A systematic review and meta-analysis of rTMS effects on cognitive enhancement in mild cognitive impairment and Alzheimer's disease.

Repetitive transcranial magnetic stimulation (rTMS), a noninvasive brain stimulation technique, has emerged as a promising treatment for mild cognitive impairment (MCI) and Alzheimer's disease (AD). Currently, however, the effectiveness of this therapy is unclear because of the low statistical power and heterogeneity of previous trials. The purpose of the meta-analysis was to systematically characterize the effectiveness of various combinations of rTMS parameters on different cognitive domains in patients with MCI and AD. Thirteen studies comprising 293 patients with MCI or AD were included in this analysis. Random-effects analysis revealed an overall medium-to-large effect size (0.77) favoring active rTMS over sham rTMS in the improvement of cognitive functions. Subgroup analyses revealed that (1) high-frequency rTMS over the left dorsolateral prefrontal cortex and low-frequency rTMS at the right dorsolateral prefrontal cortex significantly improved memory functions; (2) high-frequency rTMS targeting the right inferior frontal gyrus significantly enhanced executive performance; and (3) the effects of 5-30 consecutive rTMS sessions could last for 4-12 weeks. Potential mechanisms of rTMS effects on cognitive functions are discussed.

Transcranial magnetic stimulation reveals diminished homoeostatic metaplasticity in cognitively impaired adults.

Homoeostatic metaplasticity is a neuroprotective physiological feature that counterbalances Hebbian forms of plasticity to prevent network destabilization and hyperexcitability. Recent animal models highlight dysfunctional homoeostatic metaplasticity in the pathogenesis of Alzheimer's disease. However, the association between homoeostatic metaplasticity and cognitive status has not been systematically characterized in either demented or non-demented human populations, and the potential value of homoeostatic metaplasticity as an early biomarker of cognitive impairment has not been explored in humans. Here, we report that, through pre-conditioning the synaptic activity prior to non-invasive brain stimulation, the association between homoeostatic metaplasticity and cognitive status could be established in a population of non-demented human subjects (older adults across cognitive spectrums; all within the non-demented range). All participants (n = 40; age range, 65-74, 47.5% female) underwent a standardized neuropsychological battery, magnetic resonance imaging and a transcranial magnetic stimulation protocol.

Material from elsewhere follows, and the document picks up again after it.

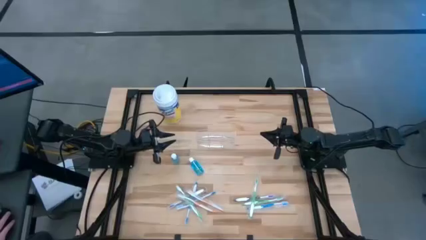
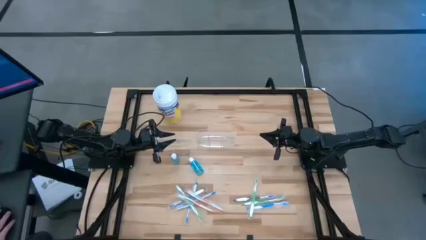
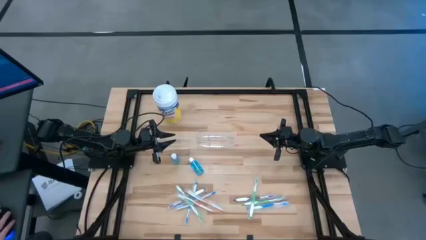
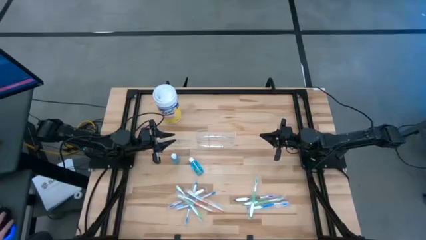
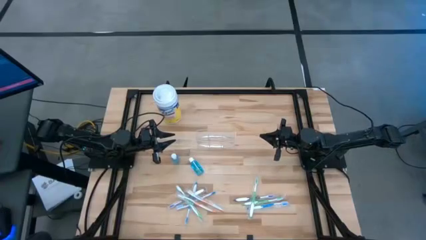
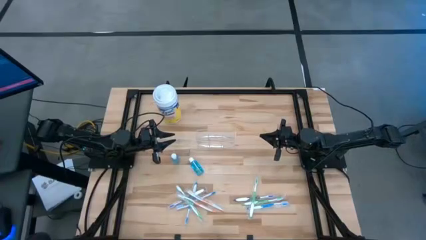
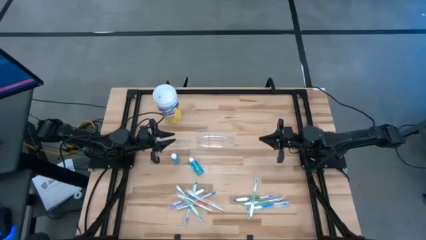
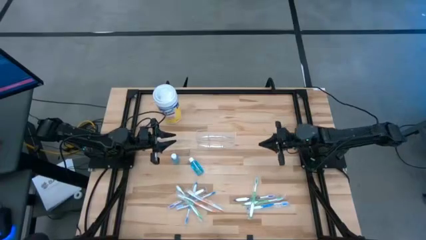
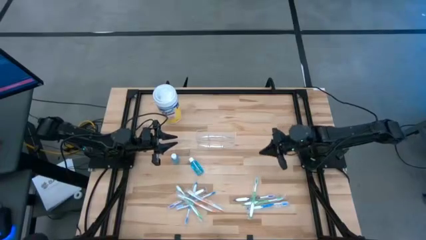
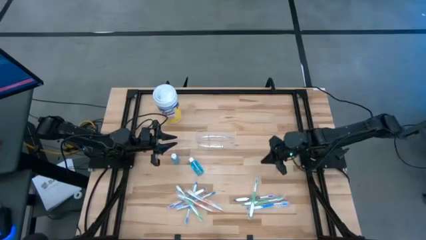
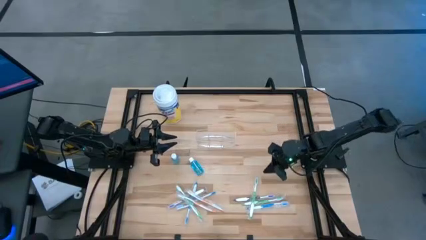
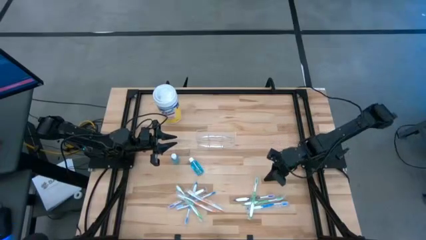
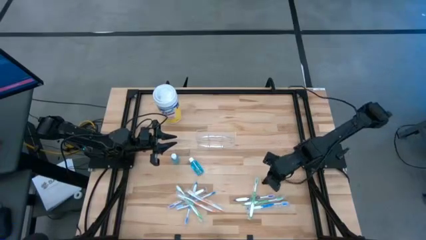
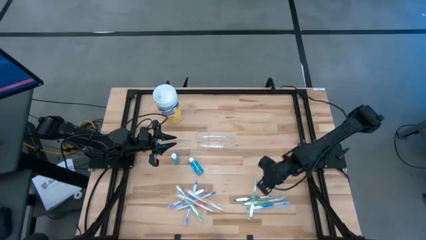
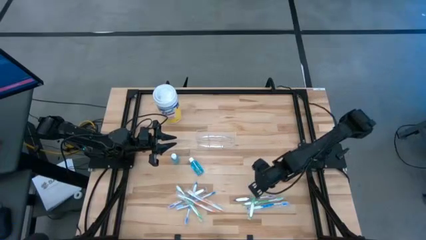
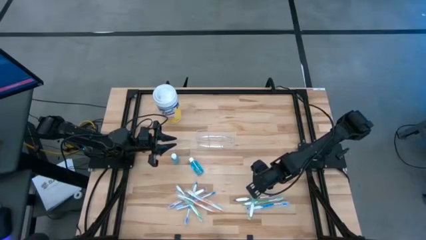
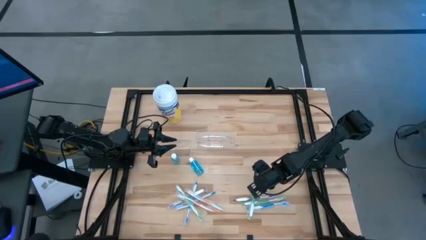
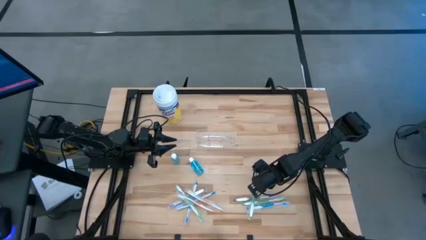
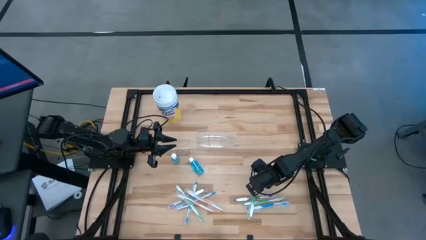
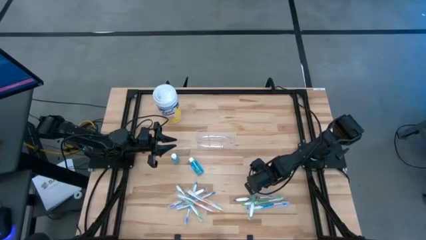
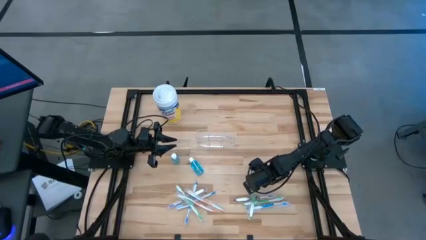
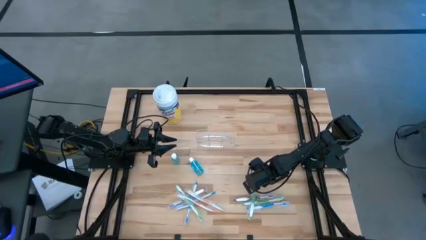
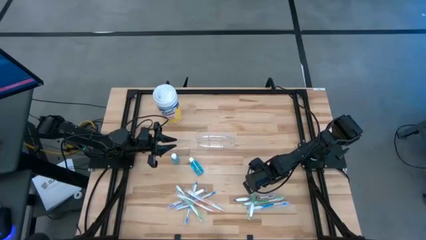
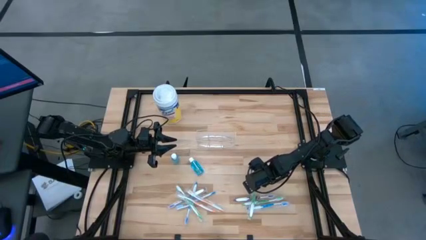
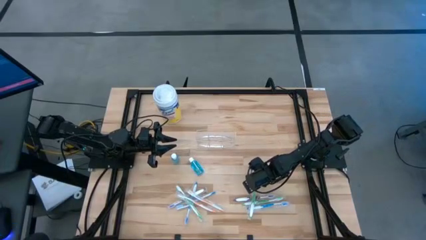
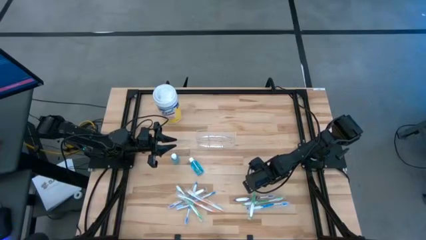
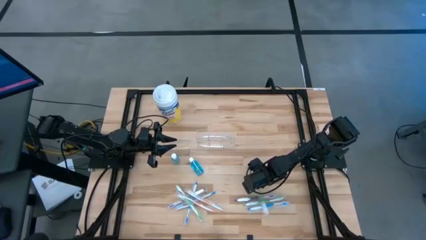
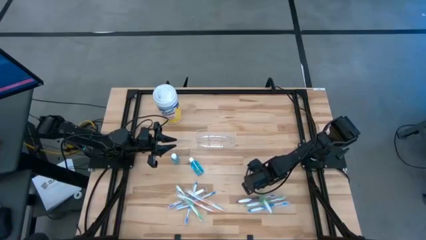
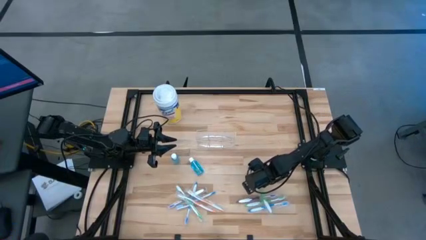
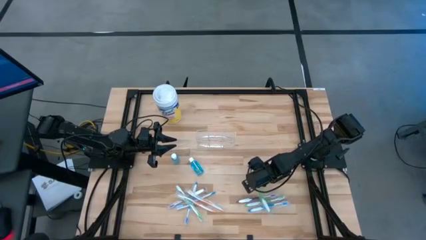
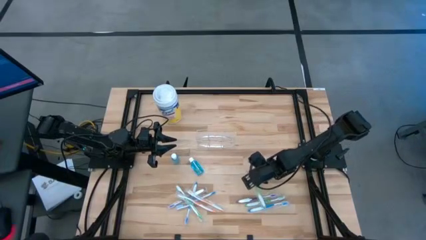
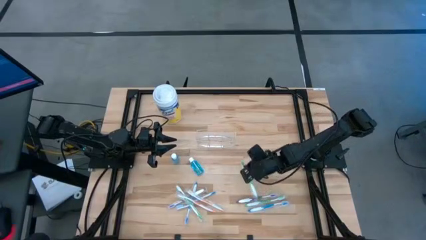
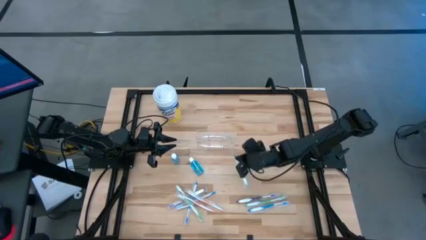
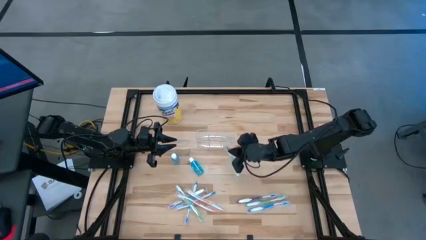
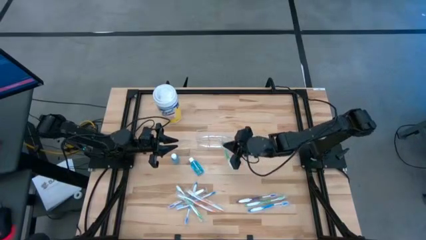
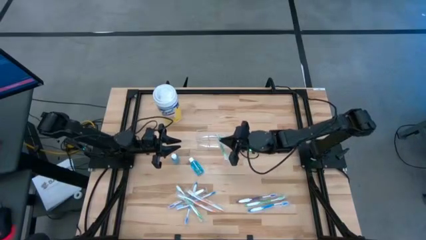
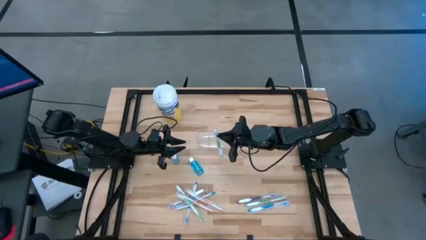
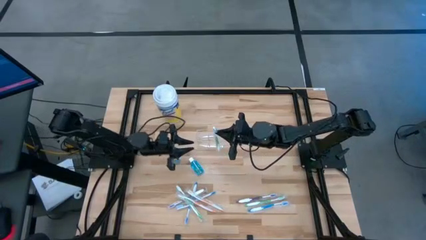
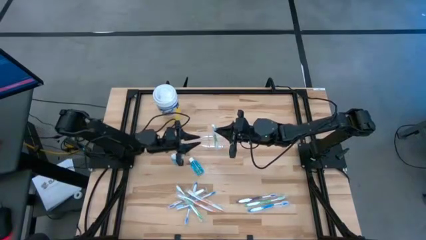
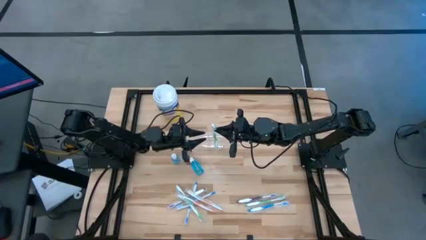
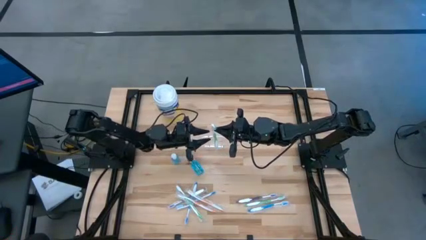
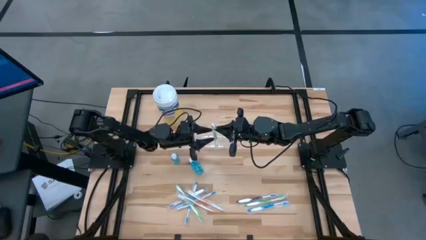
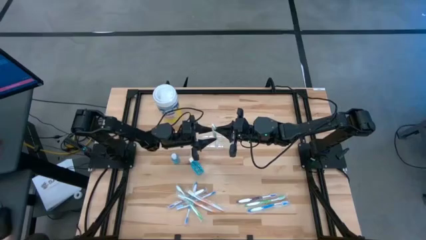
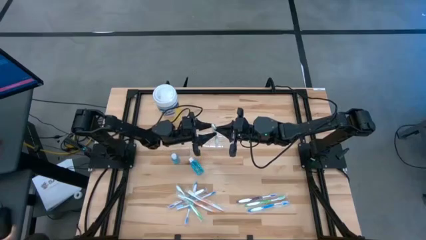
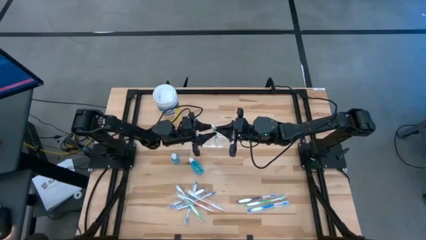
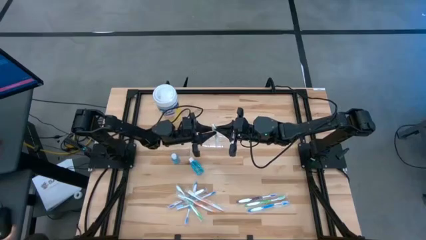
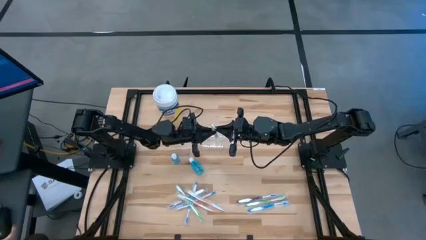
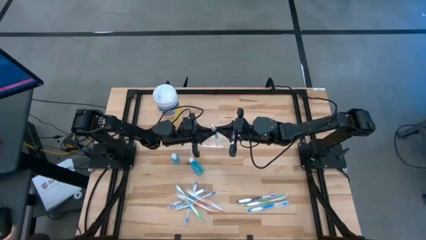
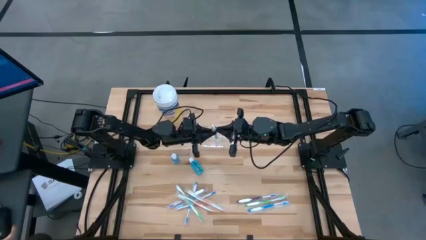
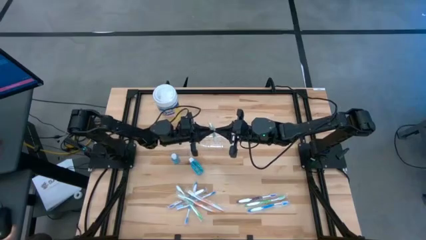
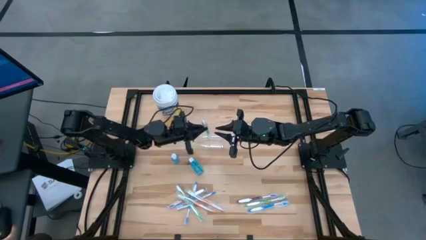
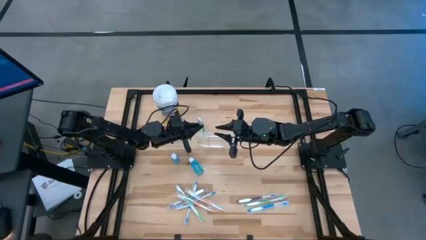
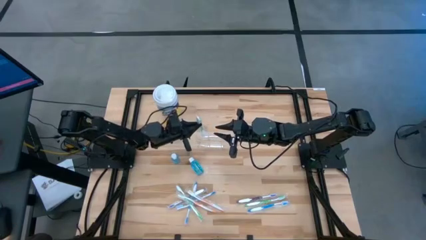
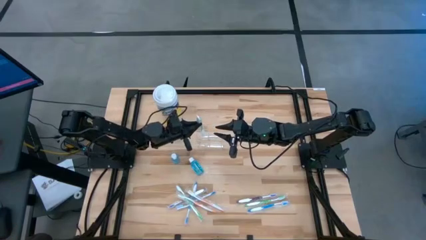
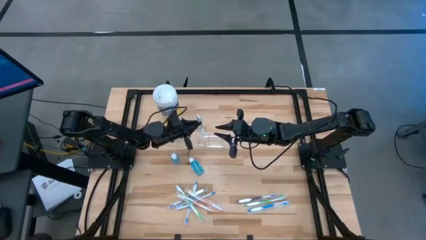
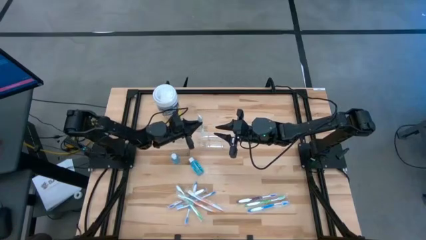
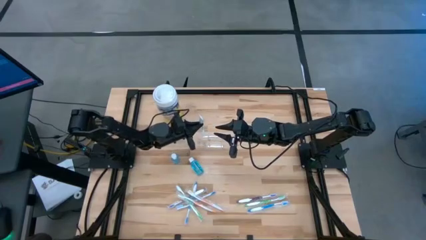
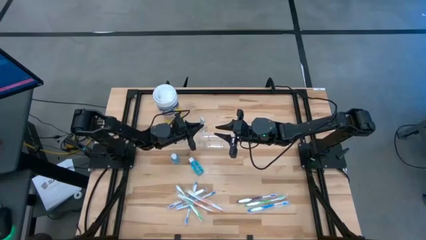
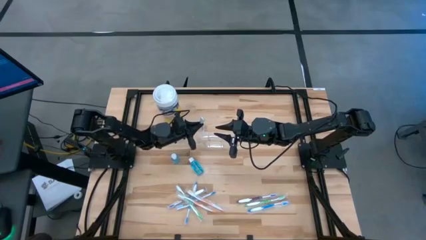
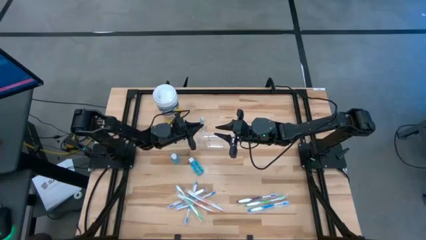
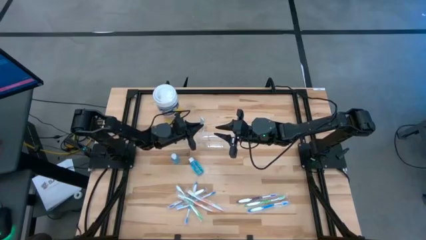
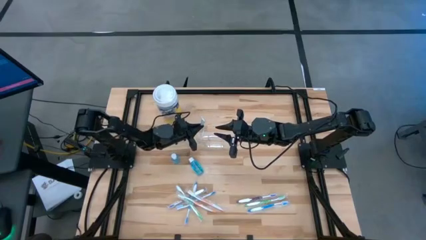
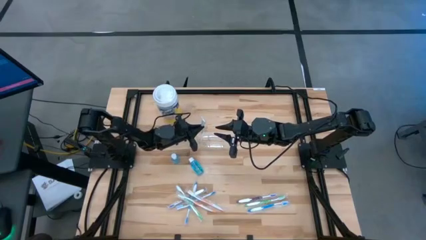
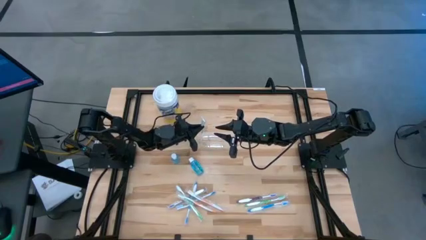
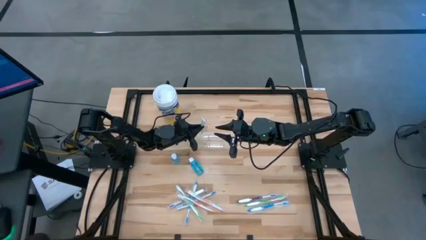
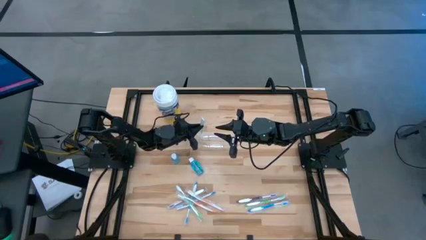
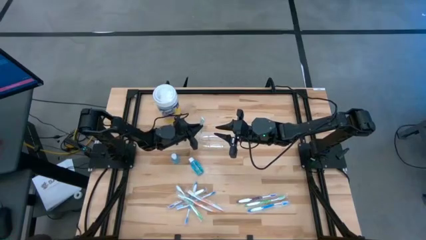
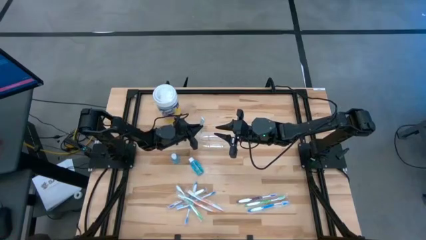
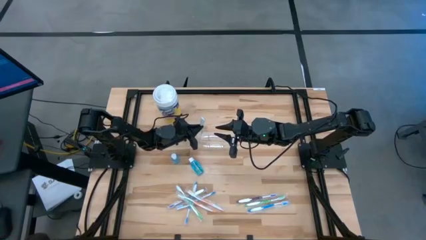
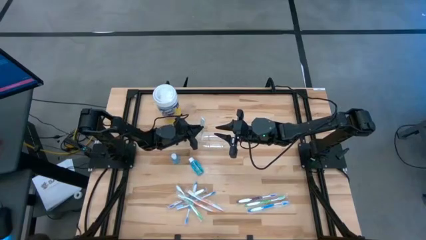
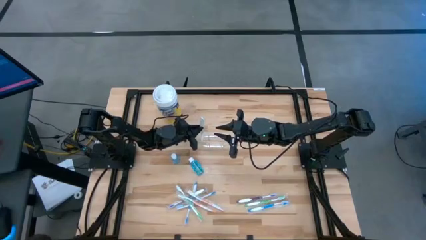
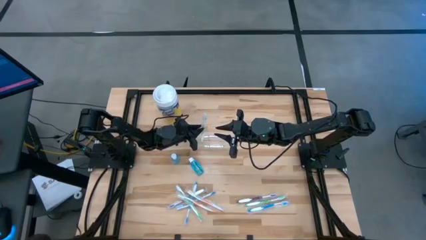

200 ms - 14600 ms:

Specifically, we sampled motor-evoked potentials with an input/output curve immediately before and after repetitive transcranial magnetic stimulation to assess neural plasticity with two experimental paradigms: one with voluntary muscle contraction (i.e. modulated synaptic activity history) to deliberately introduce homoeostatic interference, and one without to serve as a control condition. From comparing neuroplastic responses across these experimental paradigms and across cohorts grouped by cognitive status, we found that (i) homoeostatic metaplasticity is diminished in our cohort of cognitively impaired older adults and (ii) this neuroprotective feature remains intact in cognitively normal participants. This novel finding suggests that (i) future studies should expand their scope beyond just Hebbian forms of plasticity that are traditionally assessed when using non-invasive brain stimulation to investigate cognitive ageing and (ii) the potential value of homoeostatic metaplasticity in serving as a biomarker for cognitive impairment should be further explored.